Alors que des mastodontes issus des monarchies pétrolières sont en train de «coloniser» – et c’est le cas de le dire – le paysage audio-visuel arabe, au Machreq comme au Maghreb, les chaînes maghrébines continuent de se la jouer local, au risque de perdre pied, à terme, sur leurs propres marchés. Dans cette débandade générale, seule Nessma TV essaie de développer un concept audiovisuel maghrébin. Sans beaucoup de succès jusque là…
Déjà présent dans le champ télévisuel, via Rotana, le Prince Alwaleed Bin Talel va y consolider sa présence, à travers son groupe Kingdom Holding Company (KHC), avec la création d’une nouvelle chaîne d’information générale. Pilotée par le journaliste saoudien Jamel Kashokhgi, la nouvelle station de TV se propose de refléter «le développement en Arabie Saoudite et dans le monde arabe dans les domaines politique, économique et social».
Alwaleed Bin Talel survole l'espace audio-visuel arabe
Un géant droit dans ses sabots
L’émergence d’un nouvel acteur dans l’espace télévisuel arabe va y attiser une concurrence déjà assez dure que s’y livrent les Al Jazeera, Al Arabia, etc., et, également, conforter la mainmise des pays arabes du Moyen-Orient et du Golfe.
Dans la perspective du lancement de cette nouvelle chaîne, le Prince Alwaleed Bin Talel a récemment renforcé son alliance avec le magnat australien des médias Rupert Murdoch. En effet, cet homme d’affaires vient céder 9,09% du capital de Rotana Television à News Corp, contrôlé par son partenaire australien, et dans laquelle il détient lui-même 7%.
Les pays de l’Union du Maghreb arabe (UMA) – et l’Egypte, malgré son poids politique et démographique – continuent, quant à eux, de briller par leur absence dans cette âpre bataille pour le contrôle de l’espace audiovisuel arabe.

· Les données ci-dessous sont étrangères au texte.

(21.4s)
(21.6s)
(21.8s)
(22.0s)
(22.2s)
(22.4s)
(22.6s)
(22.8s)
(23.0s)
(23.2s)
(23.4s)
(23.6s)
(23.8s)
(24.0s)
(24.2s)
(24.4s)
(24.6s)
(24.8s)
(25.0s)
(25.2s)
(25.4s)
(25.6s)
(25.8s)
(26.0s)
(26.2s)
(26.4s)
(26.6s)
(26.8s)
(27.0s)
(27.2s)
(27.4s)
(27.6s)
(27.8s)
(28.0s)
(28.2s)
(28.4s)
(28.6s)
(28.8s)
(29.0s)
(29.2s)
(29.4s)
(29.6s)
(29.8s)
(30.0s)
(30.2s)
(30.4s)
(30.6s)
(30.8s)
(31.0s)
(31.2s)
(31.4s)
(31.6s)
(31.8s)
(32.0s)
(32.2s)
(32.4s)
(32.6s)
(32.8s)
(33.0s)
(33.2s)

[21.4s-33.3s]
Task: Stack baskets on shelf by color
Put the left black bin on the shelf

Seule Nessma TV, positionnée dès le début par ses promoteurs comme une chaîne véritablement maghrébine, en dépit de son enracinement tunisien, y porte les couleurs du Maghreb.

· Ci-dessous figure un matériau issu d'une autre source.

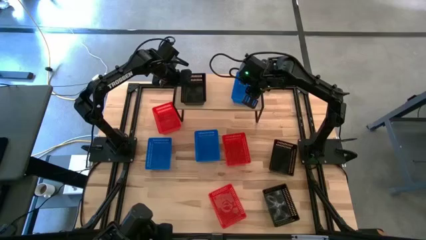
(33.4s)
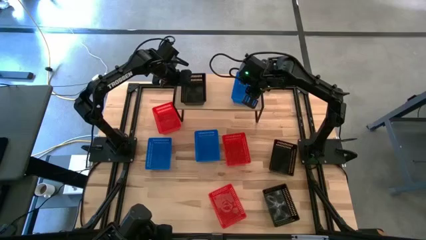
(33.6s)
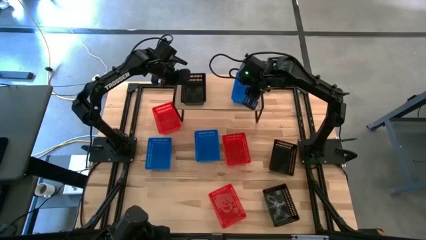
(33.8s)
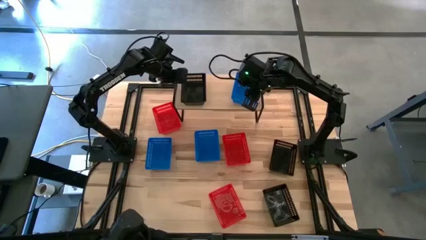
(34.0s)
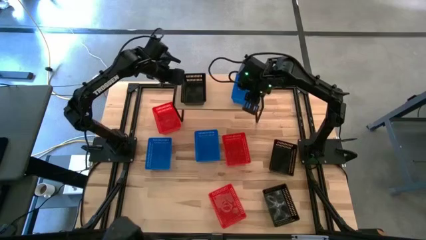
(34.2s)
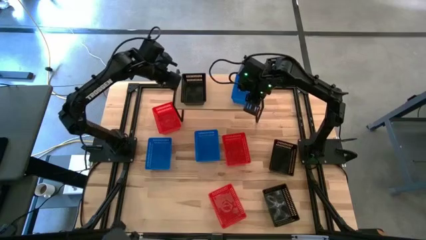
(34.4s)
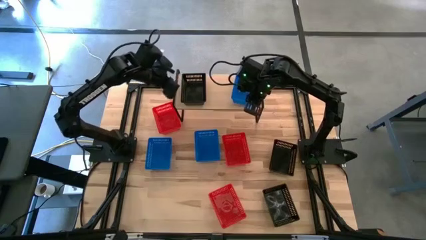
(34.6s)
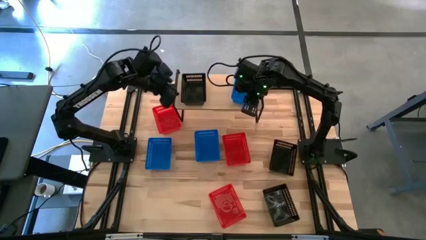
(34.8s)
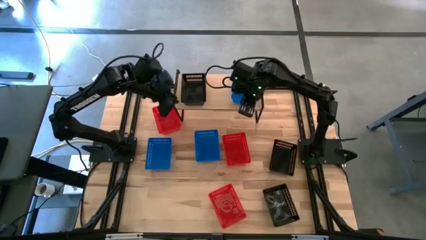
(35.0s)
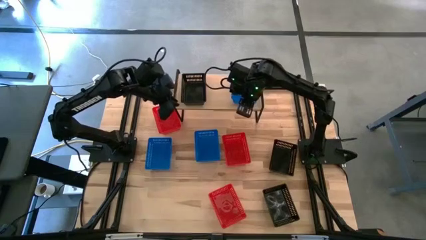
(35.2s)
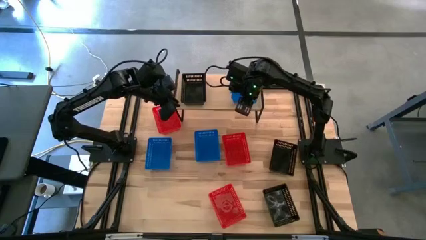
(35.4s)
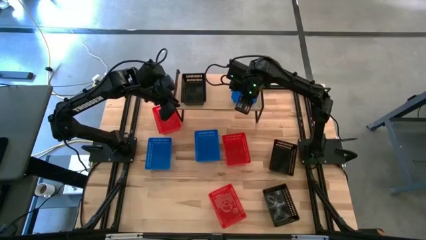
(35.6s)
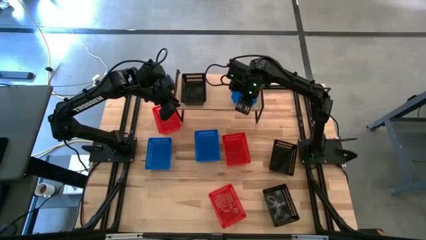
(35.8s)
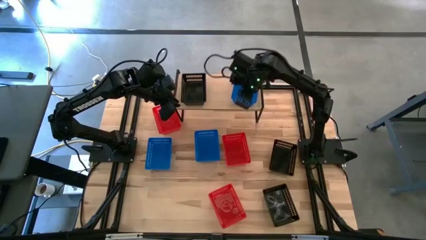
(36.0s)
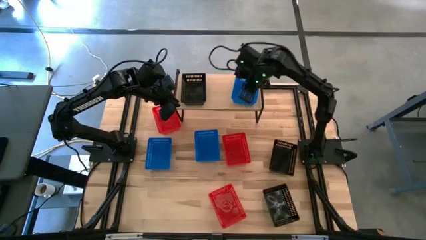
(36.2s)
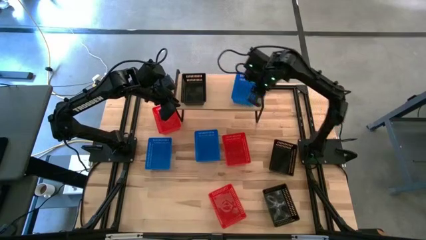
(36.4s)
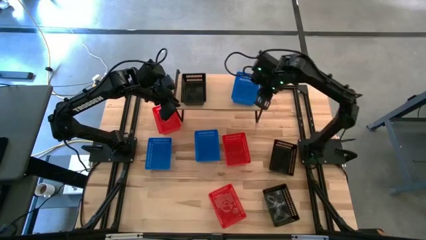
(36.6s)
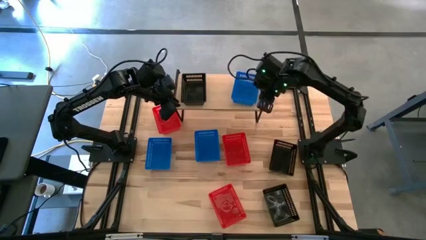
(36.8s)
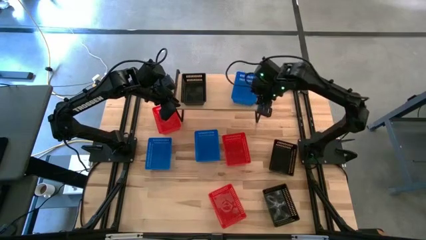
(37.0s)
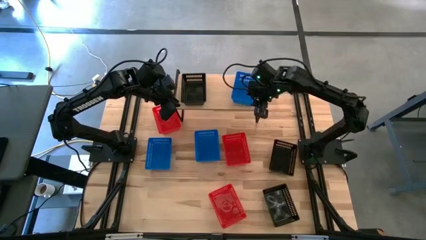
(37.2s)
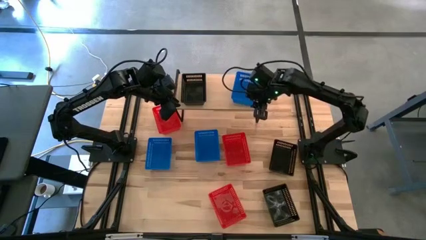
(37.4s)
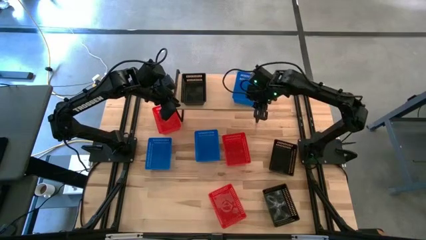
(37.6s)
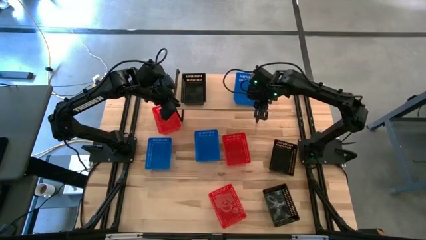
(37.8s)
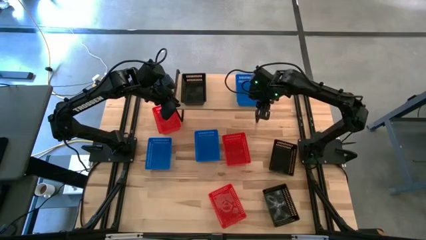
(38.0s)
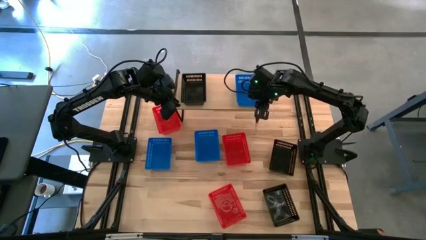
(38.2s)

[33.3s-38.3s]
Adjust the blue bin on the shelf

A l’Ouest du canal de Suez, rien de nouveau
Mais pour l’instant Nessma TV n’occupe cet espace – et ne le couvre – que très partiellement et imparfaitement, notamment parce qu’elle se cantonne principalement dans la variété et le sport, et de manière très inégale. Pour pouvoir prétendre jouer d’égal à égal avec les mastodontes venant des pays arabes situés à l’Est du Canal de Suez, et leur disputer la maîtrise de l’espace télévisuel arabe, la chaîne promue par les frères Nabil et Ghazi Karoui, le producteur Tarek Ben Ammar, patron de Quinta Production, et Silvio Berlusconi, Il Cavaliere soi-même, devra passer à la vitesse supérieure et mettre en œuvre des moyens – financiers et humains – autrement plus importants.
Et d’abord, Nessma TV doit s’atteler à accroître ses parts d’audience sur le marché maghrébin, sa principale cible commerciale. Ces parts demeurent encore relativement faibles, si l’on donne foi – et on n’a pas de raison de ne pas le faire – aux études d’audience diffusées régulièrement par les bureaux tunisiens Sigma Conseil et Mediascan.